Être homosexuel(le) aux Antilles : un livre pour libérer la parole

Caroline Musquet, autrice du livre "être homosexuel(le) aux Antilles" (Caraïbéditions)
Pour Caraïbéditions, c'est une première. La maison d'éditions antillaise publie "être homosexuel(le) aux Antilles", un livre inédit dont le thème principal est l'homosexualité. Caroline Musquet, une ancienne journaliste guadeloupéenne, y livre quinze témoignages sur ce sujet tabou dans la Caraïbe. Un conseil lecture d'Outre-mer la1ère à l'occasion de la journée internationale contre l'homophobie et la transphobie.

Ils s'appellent Louis-Georges, Laura, Nicaise ou Estelle. Ils sont sportifs, juristes et s'expriment sous couvert d'anonymat ou pas. Quinze femmes et hommes, connus ou non, militants engagés ou pas. Leurs points communs ? Ils ont fait confiance à Caroline Musquet et partager leur histoire, celle de personnes homosexuelles ou transgenres qui vivent aux Antilles ou en sont originaires. Des victimes d'agressions verbales ou physiques.

L'homosexualité, un sujet encore tabou

JAJ fait partie des artistes qui ont accepté de partager leur histoire. Statisticien le jour, auteur, compositeur et interprète la nuit, le jeune homme, à l'allure sportive, décrit son enfance en Martinique dans les années 90. Une période "difficile" durant laquelle il prend conscience dès l'école primaire qu'il est "plus attiré par les garçons que par les filles". 
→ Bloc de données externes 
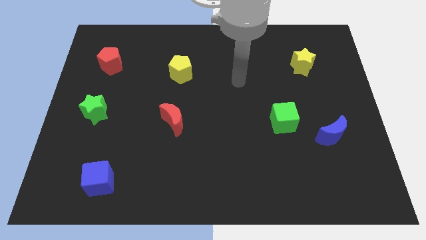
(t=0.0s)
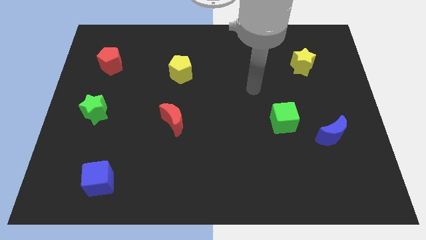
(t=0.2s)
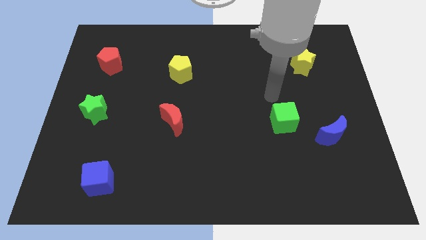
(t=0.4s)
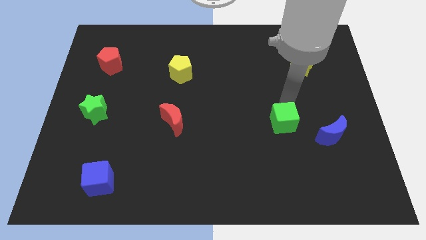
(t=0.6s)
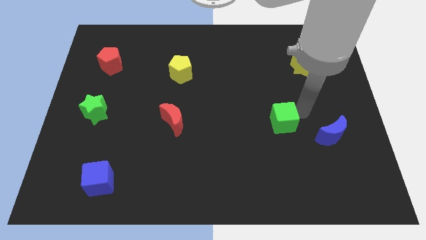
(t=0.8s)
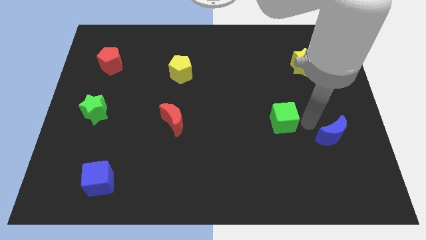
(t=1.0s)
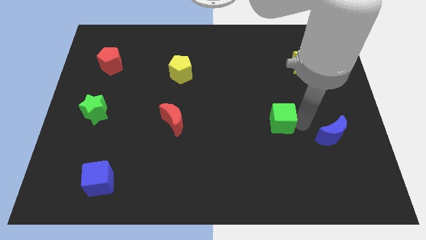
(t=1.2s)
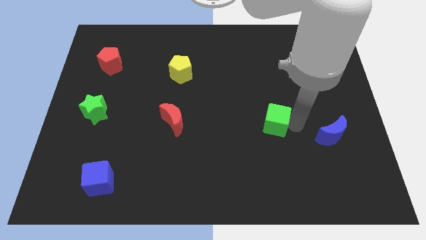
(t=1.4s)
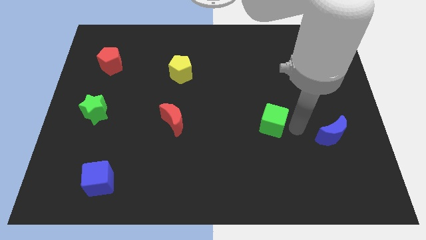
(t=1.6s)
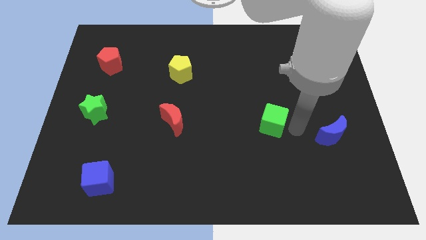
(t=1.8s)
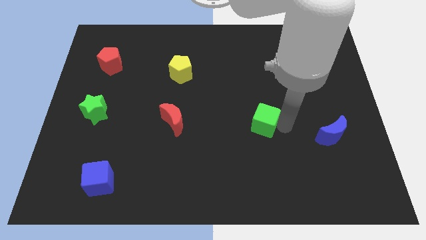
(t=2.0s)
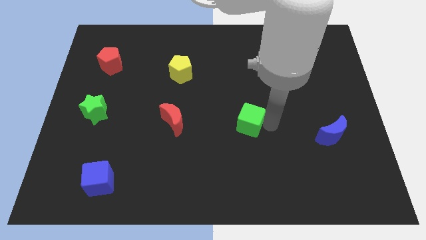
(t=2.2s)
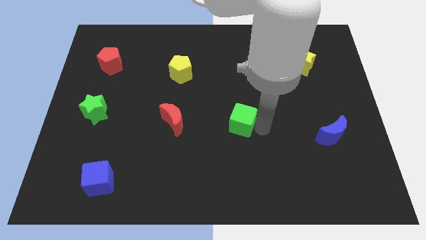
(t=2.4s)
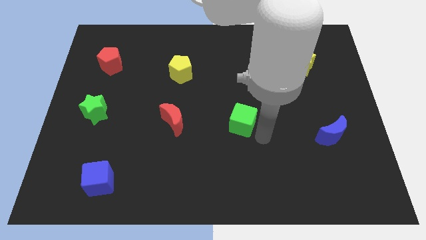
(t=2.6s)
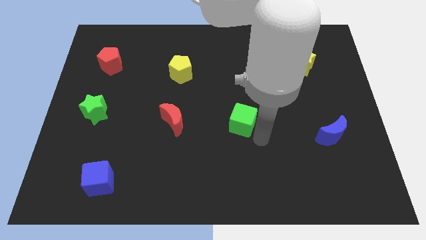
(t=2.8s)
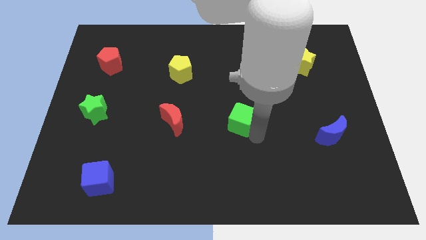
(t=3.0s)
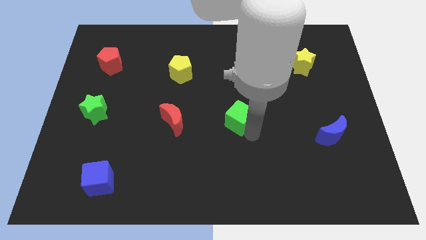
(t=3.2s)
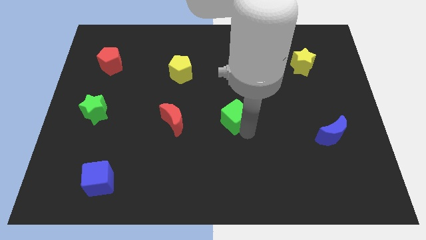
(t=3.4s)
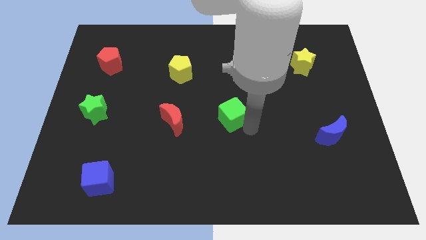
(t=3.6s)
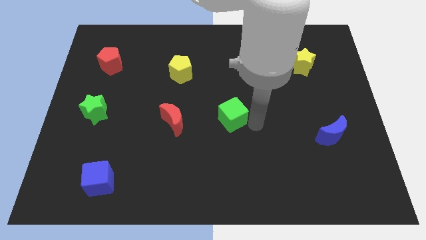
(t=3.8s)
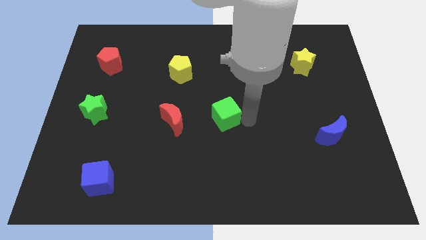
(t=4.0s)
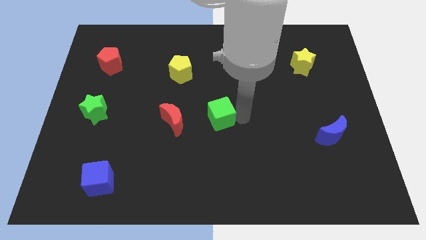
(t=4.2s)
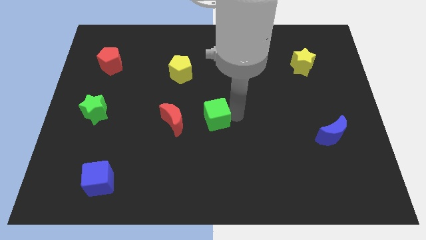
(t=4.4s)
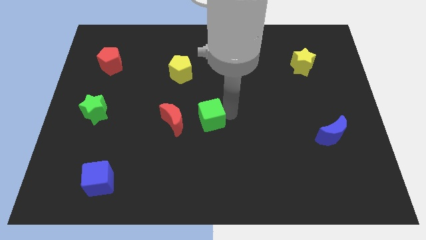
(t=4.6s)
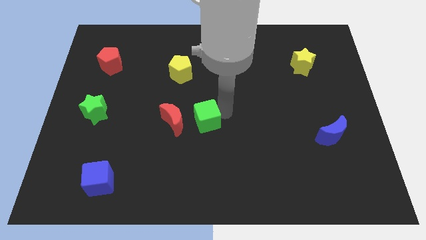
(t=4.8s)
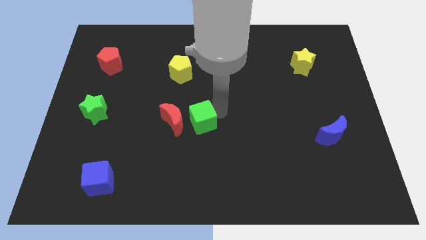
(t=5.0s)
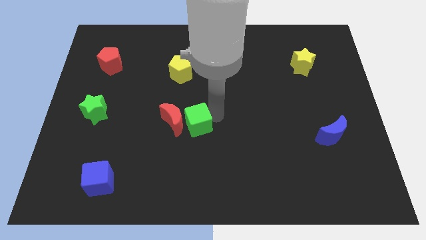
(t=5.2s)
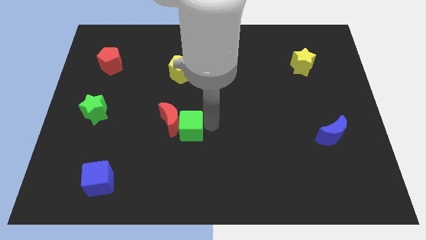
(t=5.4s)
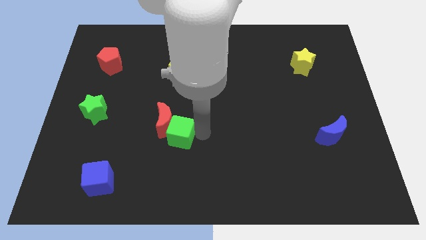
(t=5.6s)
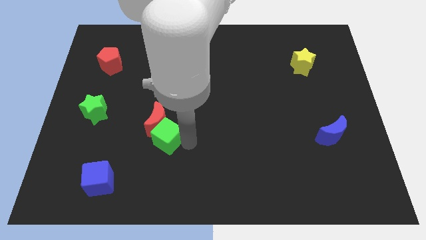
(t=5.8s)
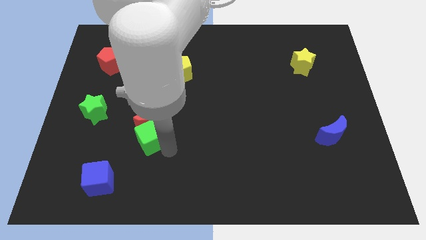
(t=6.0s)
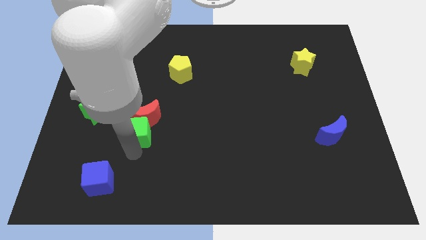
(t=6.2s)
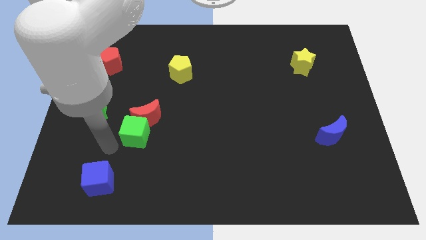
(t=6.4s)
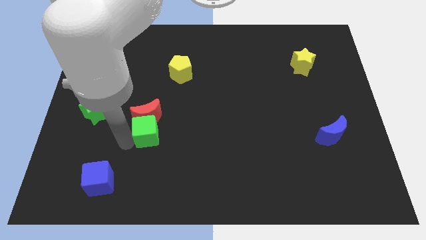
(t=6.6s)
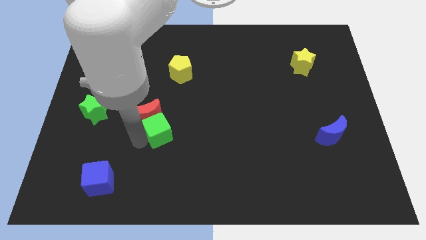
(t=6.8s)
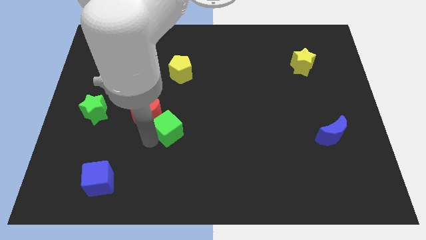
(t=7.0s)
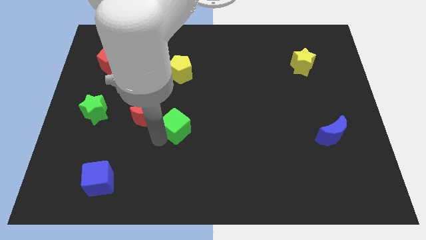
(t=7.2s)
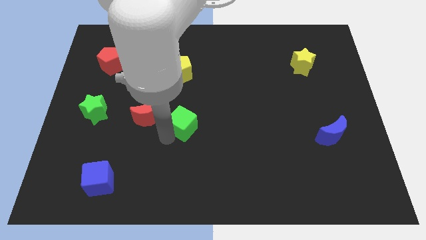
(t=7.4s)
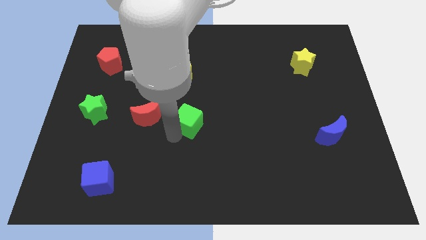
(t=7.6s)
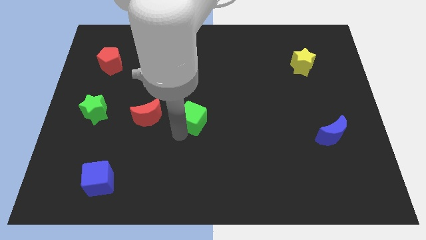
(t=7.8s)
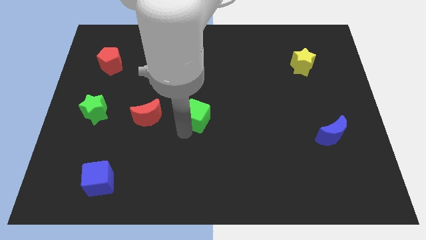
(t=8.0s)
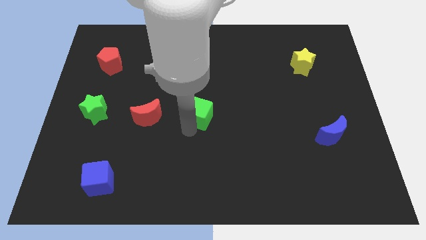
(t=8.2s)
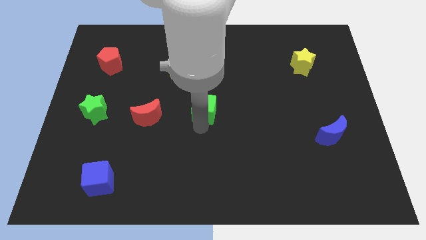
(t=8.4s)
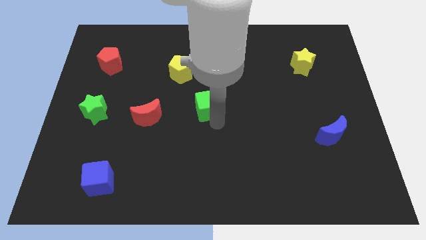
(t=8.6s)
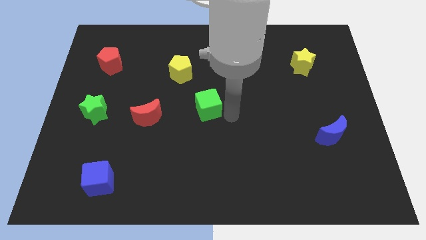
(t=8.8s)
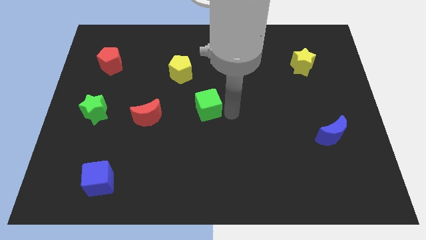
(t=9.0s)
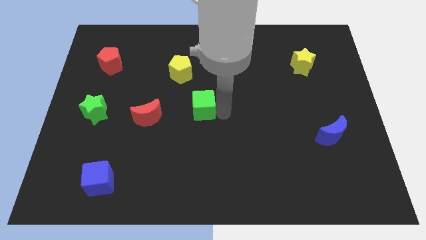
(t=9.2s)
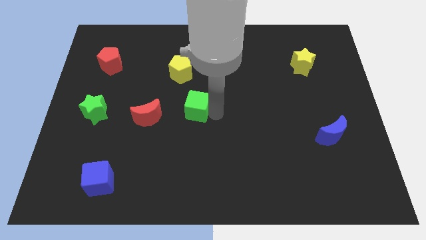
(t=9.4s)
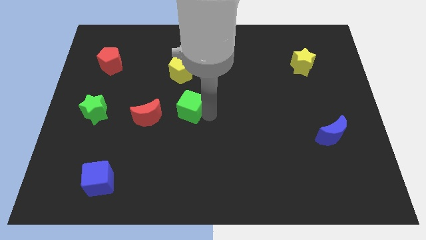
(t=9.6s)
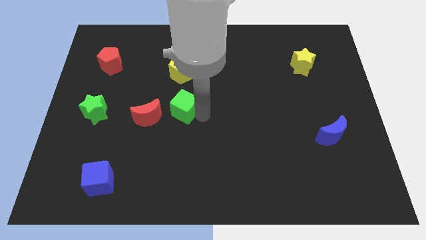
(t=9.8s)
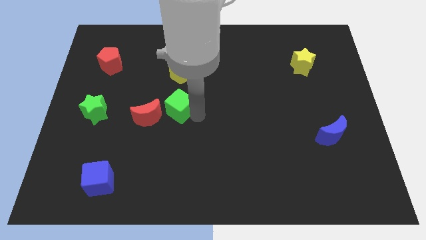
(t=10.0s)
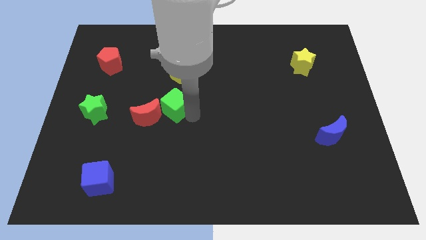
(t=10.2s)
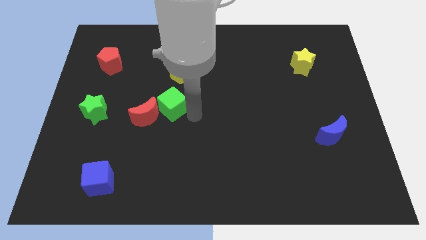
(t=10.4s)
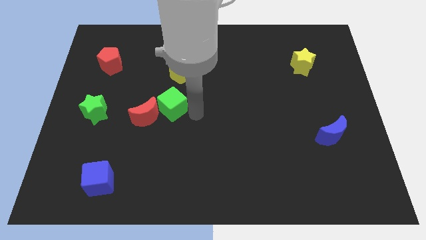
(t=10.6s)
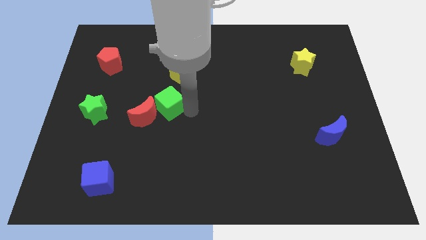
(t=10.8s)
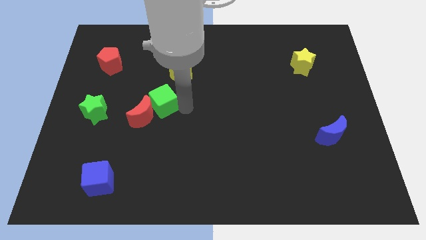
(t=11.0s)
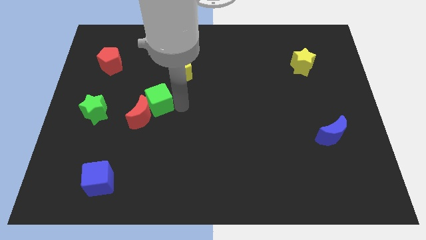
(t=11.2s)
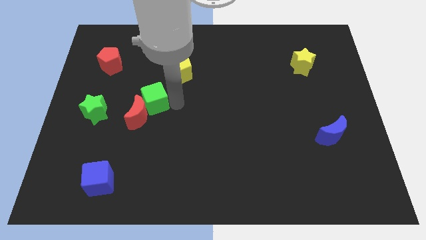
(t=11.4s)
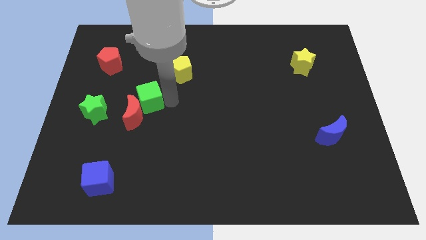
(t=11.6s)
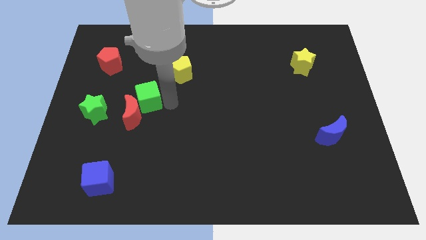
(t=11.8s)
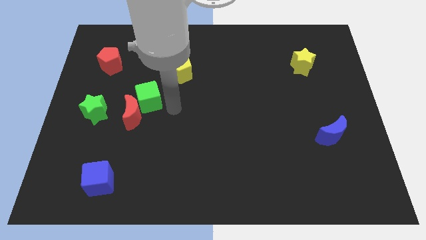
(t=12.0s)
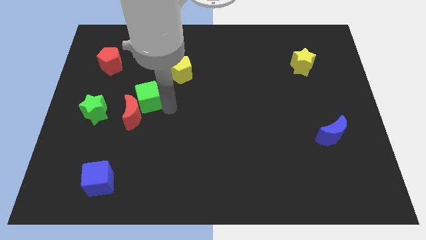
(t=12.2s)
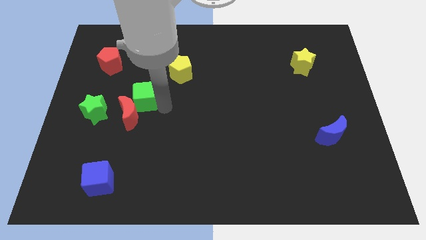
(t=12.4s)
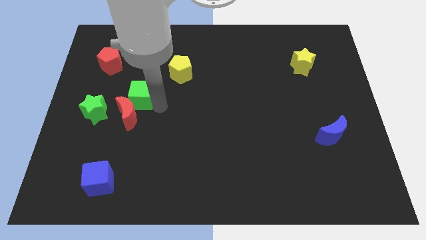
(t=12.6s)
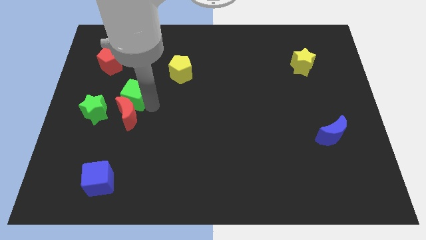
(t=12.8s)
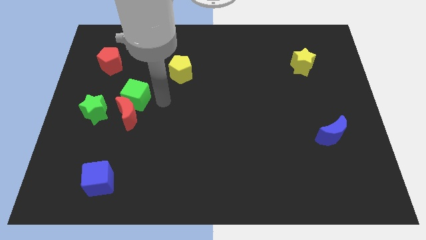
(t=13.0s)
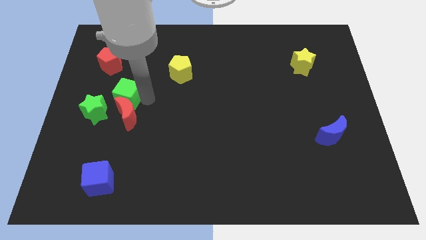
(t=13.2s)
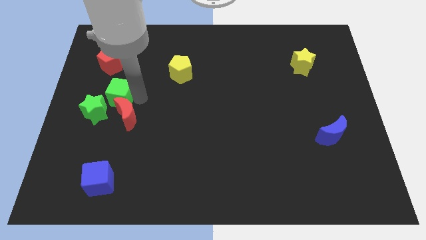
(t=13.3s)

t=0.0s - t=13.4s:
slide the green cube to the bottom side of the red pentagon

C'est difficile parce qu'on se pose déjà la question. Est-ce qu'on peut se rapprocher d'un garçon ? Est-ce autorisé ? Quand on le fait, on voit les regards autour de soi. La difficulté de savoir avec qui on peut parler. De quoi on peut parler aussi ?

JAJ

Victime de brimades et d'insultes, JAJ évoque "le sentiment de solitude" qu'il éprouve, à tel point qu'il pensait "être le seul gay de toute la Martinique". A l'époque, en parler restait une démarche redoutée. Se confier est d'autant plus compliqué que "toutes ces voix, ces repères autour de nous par exemple dans la religion chrétienne (...) disent que l'homosexualité, c’est mal, que c'est une mode... Toutes ces choses qui nous renvoient au tabou autour de l’homosexualité". 
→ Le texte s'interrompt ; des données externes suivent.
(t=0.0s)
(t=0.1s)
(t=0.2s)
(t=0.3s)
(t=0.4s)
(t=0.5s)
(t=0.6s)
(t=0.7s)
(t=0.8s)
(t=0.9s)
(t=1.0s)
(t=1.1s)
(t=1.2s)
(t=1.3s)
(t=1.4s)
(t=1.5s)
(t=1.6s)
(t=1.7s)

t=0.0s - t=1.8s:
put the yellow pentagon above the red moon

Ecrire pour inciter à parler, à débattre

Ce témoignage comme les quatorze autres, Caroline Musquet les a recueilli dès 2018. "En avoir quinze, ça relève presque du miracle!", nous confie l'autrice guadeloupéenne.

La réception d'une lettre a incité cette ancienne journaliste reconvertie dans la fonction publique à renouer avec sa passion. "C'est le courrier d'un ami que j'ai reçu quand je suis venue vivre ici [en France hexagonale, ndlr] qui m'a révélé son homosexualité alors qu'on n'en avait jamais parlé en face, alors qu'on se voyait très régulièrement. C'est là que je me suis dit : il se passe des choses très fortes dont on n'est pas capable de parler de vive voix. Et ça a été vraiment le déclic", explique-t-elle. 

Quand je suis arrivée en métropole pour mes études, je me suis rendue compte que certaines personnes devaient vivre des situations auxquelles je n'avais jamais pensé, qu'il avait des réalités dont je n'avais jamais pris conscience et qui méritaient qu'on se penche un peu plus dessus parce qu'il y avait un vrai tabou aux Antilles sur le sujet. Personne n'en parlait, ni à la maison, ni en famille ou entre amis. On aurait même dit que l'homosexualité n'existait pas, à part dans les sketchs"

Caroline Musquet

Première de couverture du livre "être homosexuel(le) aux Antilles" chez Caraïbéditions

Recueillir le témoignage de parents a été le plus compliqué pour Caroline Musquet. Seule une mère parle de son expérience. Cette enseignante à la retraite a même partagé l'écran avec son fils dans une vidéo sous forme de coming-out, cet échange durant lequel une personne dévoile son orientation sexuelle. Un façon de dédramatiser la situation et inciter les parents à écouter leurs enfants. Une invitation à dépasser les clichés et "découvrir la diversité des identités antillaises".